Retype the records below from their first line through the line holding "Technology uses in", including both ends and no pictures.

··· SUPPLIED INFORMATION ···

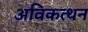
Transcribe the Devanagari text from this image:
अविकत्थन
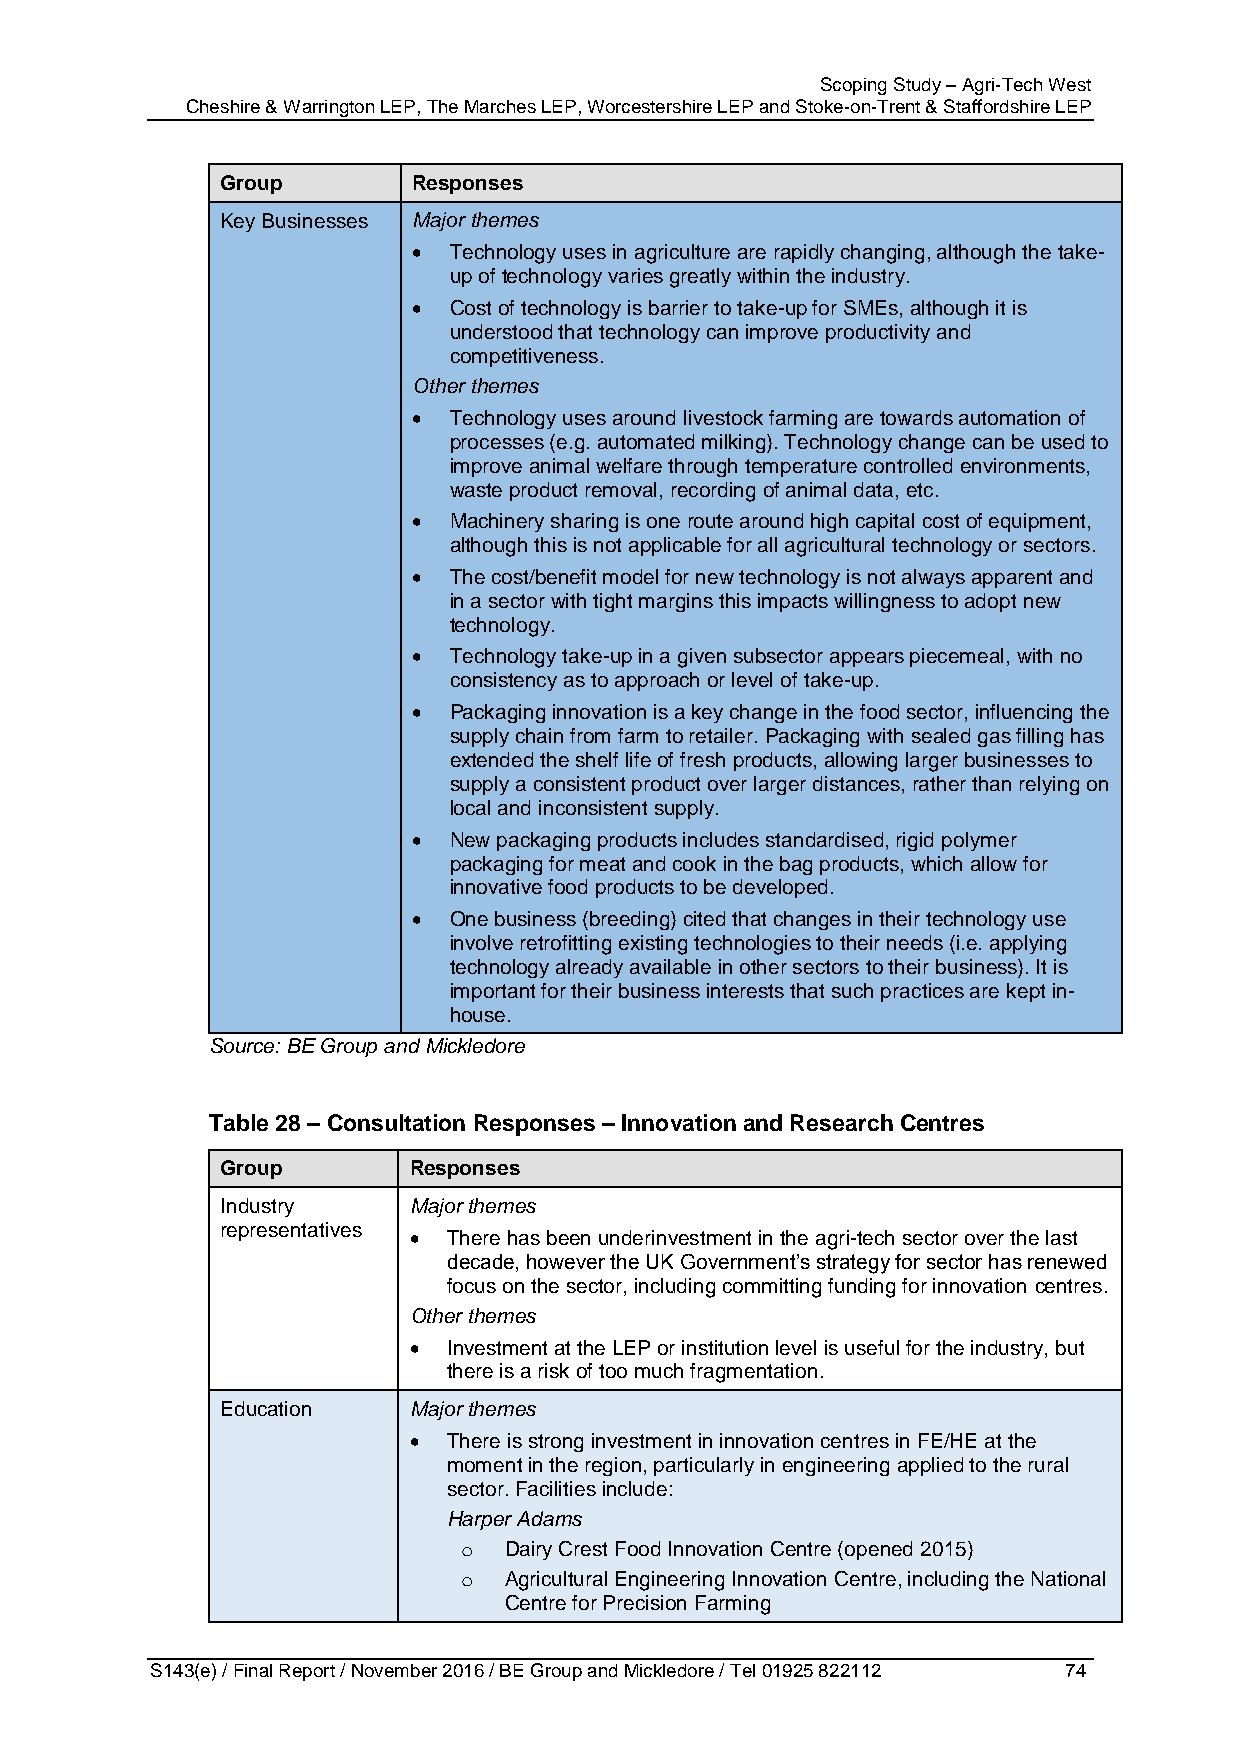
Scoping Study – Agri-Tech West
 Cheshire & Warrington LEP, The Marches LEP, Worcestershire LEP and Stoke-on-Trent & Staffordshire LEP
 Group       Responses
 Key Businesses Major themes
   Technology uses in agriculture are rapidly changing, although the take-
 up of technology varies greatly within the industry.
   Cost of technology is barrier to take-up for SMEs, although it is
 understood that technology can improve productivity and
 competitiveness.
 Other themes
   Technology uses around livestock farming are towards automation of
 processes (e.g. automated milking). Technology change can be used to
 improve animal welfare through temperature controlled environments,
 waste product removal, recording of animal data, etc.
   Machinery sharing is one route around high capital cost of equipment,
 although this is not applicable for all agricultural technology or sectors.
   The cost/benefit model for new technology is not always apparent and
 in a sector with tight margins this impacts willingness to adopt new
 technology.
   Technology take-up in a given subsector appears piecemeal, with no
 consistency as to approach or level of take-up.
   Packaging innovation is a key change in the food sector, influencing the
 supply chain from farm to retailer. Packaging with sealed gas filling has
 extended the shelf life of fresh products, allowing larger businesses to
 supply a consistent product over larger distances, rather than relying on
 local and inconsistent supply.
   New packaging products includes standardised, rigid polymer
 packaging for meat and cook in the bag products, which allow for
 innovative food products to be developed.
   One business (breeding) cited that changes in their technology use
 involve retrofitting existing technologies to their needs (i.e. applying
 technology already available in other sectors to their business). It is
 important for their business interests that such practices are kept in-
 house.
 Source: BE Group and Mickledore
 Table 28 – Consultation Responses – Innovation and Research Centres
 Group       Responses
 Industry    Major themes
 representatives
   There has been underinvestment in the agri-tech sector over the last
 decade, however the UK Government’s strategy for sector has renewed
 focus on the sector, including committing funding for innovation centres.
 Other themes
   Investment at the LEP or institution level is useful for the industry, but
 there is a risk of too much fragmentation.
 Education   Major themes
   There is strong investment in innovation centres in FE/HE at the
 moment in the region, particularly in engineering applied to the rural
 sector. Facilities include:
 Harper Adams
 o  Dairy Crest Food Innovation Centre (opened 2015)
 o  Agricultural Engineering Innovation Centre, including the National
 Centre for Precision Farming
 S143(e) / Final Report / November 2016 / BE Group and Mickledore / Tel 01925 822112 74
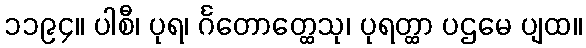
၁၁၉၄။ ပါစီ၊ ပုရ၊ င်္ဂတောတ္ထေသု၊ ပုရတ္ထာ ပဌမေ ပျထ။
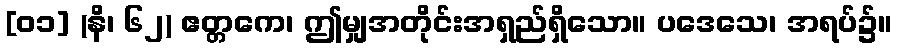
[၀၁] (နိ၊ ၆၂) ဧတ္တကေ၊ ဤမျှအတိုင်းအရှည်ရှိသော။ ပဒေသေ၊ အရပ်၌။
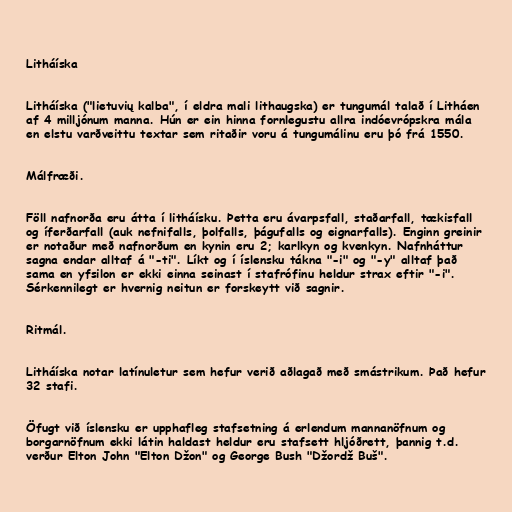
Litháíska

Litháíska ("lietuvių kalba", í eldra mali lithaugska) er tungumál talað í Litháen
af 4 milljónum manna. Hún er ein hinna fornlegustu allra indóevrópskra mála
en elstu varðveittu textar sem ritaðir voru á tungumálinu eru þó frá 1550.

Málfræði.

Föll nafnorða eru átta í litháísku. Þetta eru ávarpsfall, staðarfall, tækisfall
og íferðarfall (auk nefnifalls, þolfalls, þágufalls og eignarfalls). Enginn greinir
er notaður með nafnorðum en kynin eru 2; karlkyn og kvenkyn. Nafnháttur
sagna endar alltaf á "-ti". Líkt og í íslensku tákna "-i" og "-y" alltaf það
sama en yfsilon er ekki einna seinast í stafrófinu heldur strax eftir "-i".
Sérkennilegt er hvernig neitun er forskeytt við sagnir.

Ritmál.

Litháíska notar latínuletur sem hefur verið aðlagað með smástrikum. Það hefur
32 stafi.

Öfugt við íslensku er upphafleg stafsetning á erlendum mannanöfnum og
borgarnöfnum ekki látin haldast heldur eru stafsett hljóðrett, þannig t.d.
verður Elton John "Elton Džon" og George Bush "Džordž Buš".
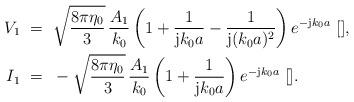
LaTeX: \begin{align*} V_{1}&~=~\sqrt{\frac{8 \pi \eta_0}{3}} \,\frac{A_{1}}{k_0} \, \bigg(1 + \frac{1}{\textrm{j}k_0a} - \frac{1}{\textrm{j}(k_0a)^2}\bigg)\,e^{-\textrm{j}k_0a}~[], \\I_{1}&~=~-\sqrt{\frac{8 \pi\eta_0}{3}}\,\frac{A_{1}}{k_0} \, \bigg(1 + \frac{1}{\textrm{j}k_0a}\bigg) \,e^{-\textrm{j}k_0a}~[]. \end{align*}
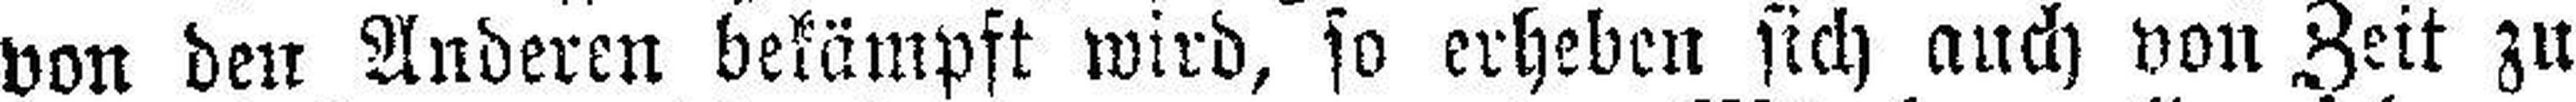
von den Anderen bekämpft wird, so erheben sich auch von Zeit zu
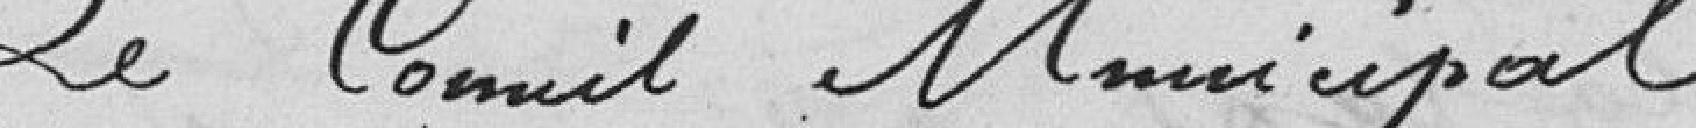
Le Conseil Municipal
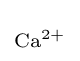
{\scriptstyle \mathrm {Ca} {\vphantom {A}}^{2+}}
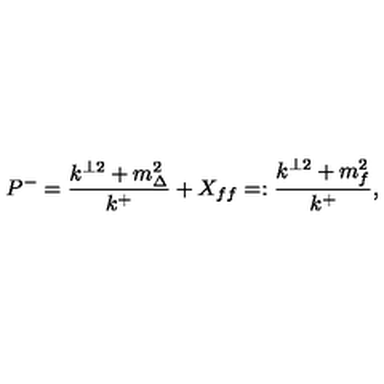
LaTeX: P ^ { - } = \frac { k ^ { \perp 2 } + m _ { \Delta } ^ { 2 } } { k ^ { + } } + X _ { f f } = : \frac { k ^ { \perp 2 } + m _ { f } ^ { 2 } } { k ^ { + } } ,
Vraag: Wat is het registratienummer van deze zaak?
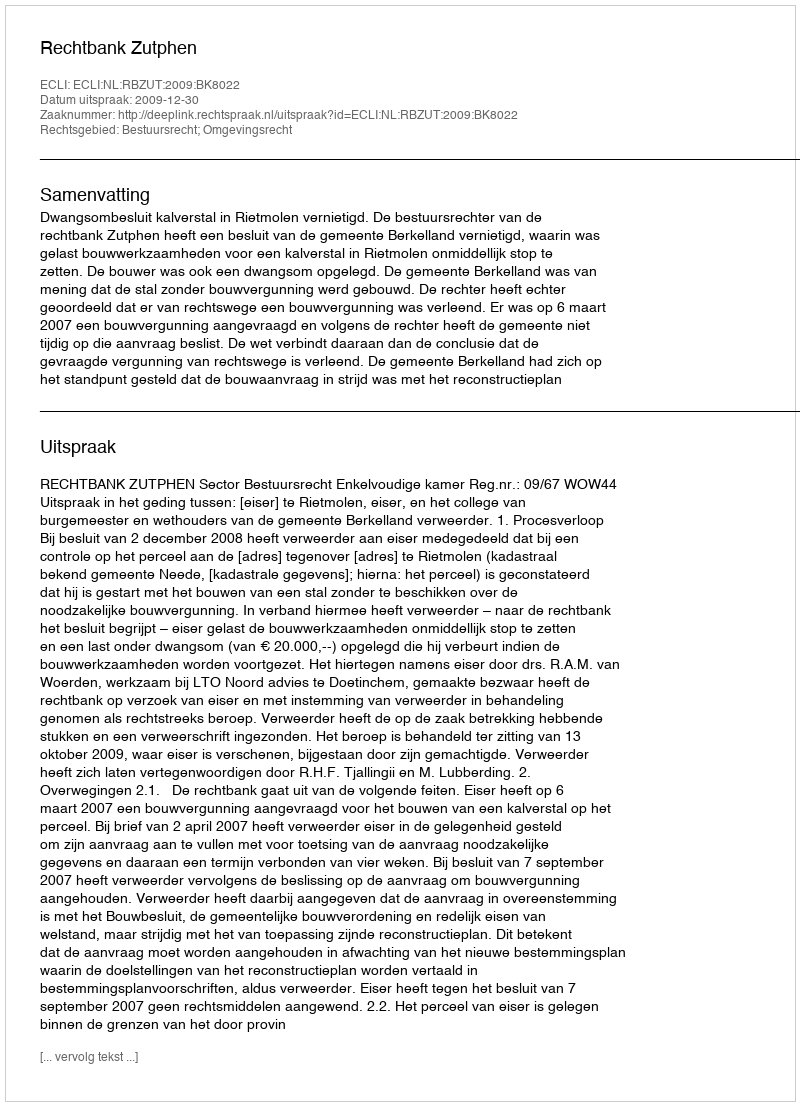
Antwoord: http://deeplink.rechtspraak.nl/uitspraak?id=ECLI:NL:RBZUT:2009:BK8022
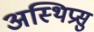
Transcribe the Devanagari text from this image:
अस्थिप्रसु
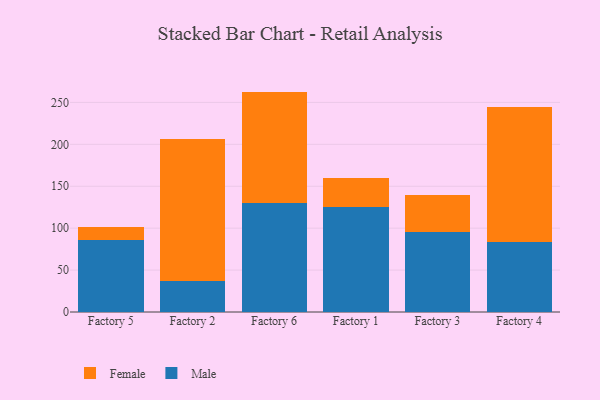
{"axis": {"x": "Factory", "y": "Headcount"}, "legend": ["Female", "Male"], "data": [{"x": "Factory 5", "y": 85.4, "type": "Male"}, {"x": "Factory 5", "y": 16.1, "type": "Female"}, {"x": "Factory 2", "y": 36.5, "type": "Male"}, {"x": "Factory 2", "y": 169.3, "type": "Female"}, {"x": "Factory 6", "y": 129.5, "type": "Male"}, {"x": "Factory 6", "y": 133.4, "type": "Female"}, {"x": "Factory 1", "y": 125.3, "type": "Male"}, {"x": "Factory 1", "y": 35.0, "type": "Female"}, {"x": "Factory 3", "y": 95.6, "type": "Male"}, {"x": "Factory 3", "y": 43.8, "type": "Female"}, {"x": "Factory 4", "y": 83.9, "type": "Male"}, {"x": "Factory 4", "y": 160.1, "type": "Female"}]}
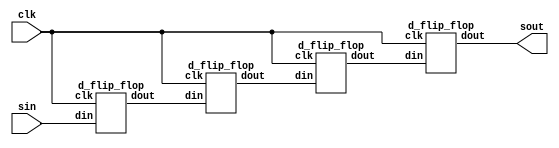
module siso_dff( sin, clk, sout );
output sout ;
input sin ;
input clk ;   
wire w1,w2,w3;

d_flip_flop d0 (.din(sin),.clk(clk),.dout(w1));
d_flip_flop d1 (.din(w1),.clk(clk),.dout(w2));
d_flip_flop d2 (.din(w2),.clk(clk),.dout(w3));
d_flip_flop d3 (.din(w3),.clk(clk),.dout(sout));

endmodule

module d_flip_flop ( din, clk, dout );
output dout ;
reg dout;
input din ;
input clk ; 

always @ (posedge clk)
begin
  dout <= din;
end

endmodule
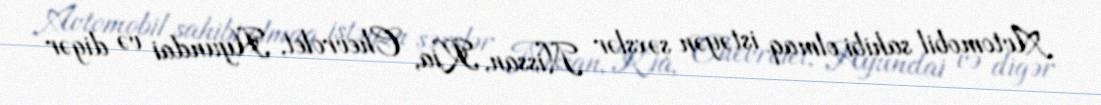
Avtomobil sahibi olmaq istəyən şəxslər Nissan, Kia, Chevrolet, Hyundai və digər
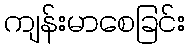
ကျန်းမာစေခြင်း
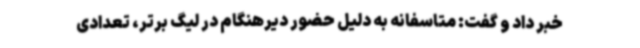
خبر داد و گفت: متاسفانه به دلیل حضور دیرهنگام در لیگ برتر، تعدادی
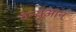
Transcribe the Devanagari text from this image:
वेन्युआन
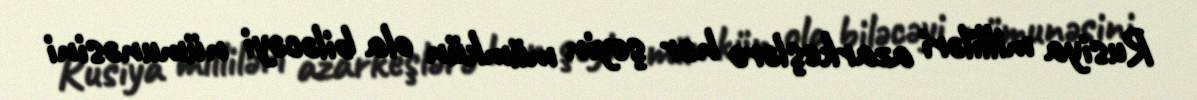
Rusiya milliləri azarkeşlərə hər şeyin mümkün ola biləcəyi nümunəsini
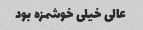
عالی خیلی خوشمزه بود
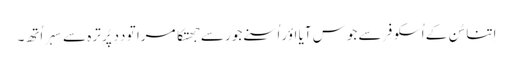
اِتنا سُن کے اُسکو فِر سے جوس آیا اؤر اُسنے جور سے جھتکا مرا تو دِدِ پُرِ ترہ سے سِہر اُتھِ۔
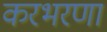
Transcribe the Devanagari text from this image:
करभरणा
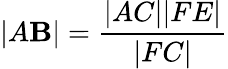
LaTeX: |A\mathbf{B}|={\frac{{|AC||FE|}}{{|FC|}}}
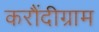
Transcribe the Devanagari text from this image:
करौंदीग्राम
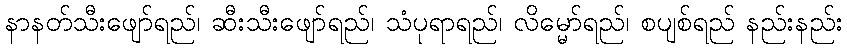
နာနတ်သီးဖျော်ရည်၊ ဆီးသီးဖျော်ရည်၊ သံပုရာရည်၊ လိမ္မော်ရည်၊ စပျစ်ရည် နည်းနည်း
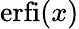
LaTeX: \operatorname{erfi}(x)
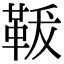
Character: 𩊤
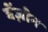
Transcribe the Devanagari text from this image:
बेंज़ोन
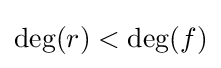
\deg(r)<\deg(f)
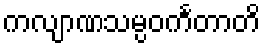
ကလျာဏသမ္ပဝင်္ကတာတိ
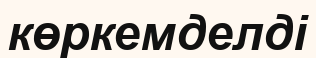
көркемделді
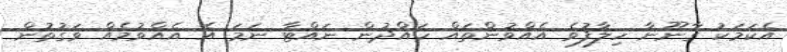
އެކަމަކު ގާނޫނާ ހިލާފުވެ އެއްވުންތައް ހައްދުން ނައްޓާ ނަމަ އެ އެއްވުމެއް ވަގުތުން
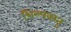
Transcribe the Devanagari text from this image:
शिल्पवस्तु

···

### [OUTPUT OF THE EXERCISE]
Transcribe the Devanagari text from this image:
अविकत्थन
Scoping Study – Agri-Tech West
 Cheshire & Warrington LEP, The Marches LEP, Worcestershire LEP and Stoke-on-Trent & Staffordshire LEP
 Group       Responses
 Key Businesses Major themes
   Technology uses in agriculture are rapidly changing, although the take-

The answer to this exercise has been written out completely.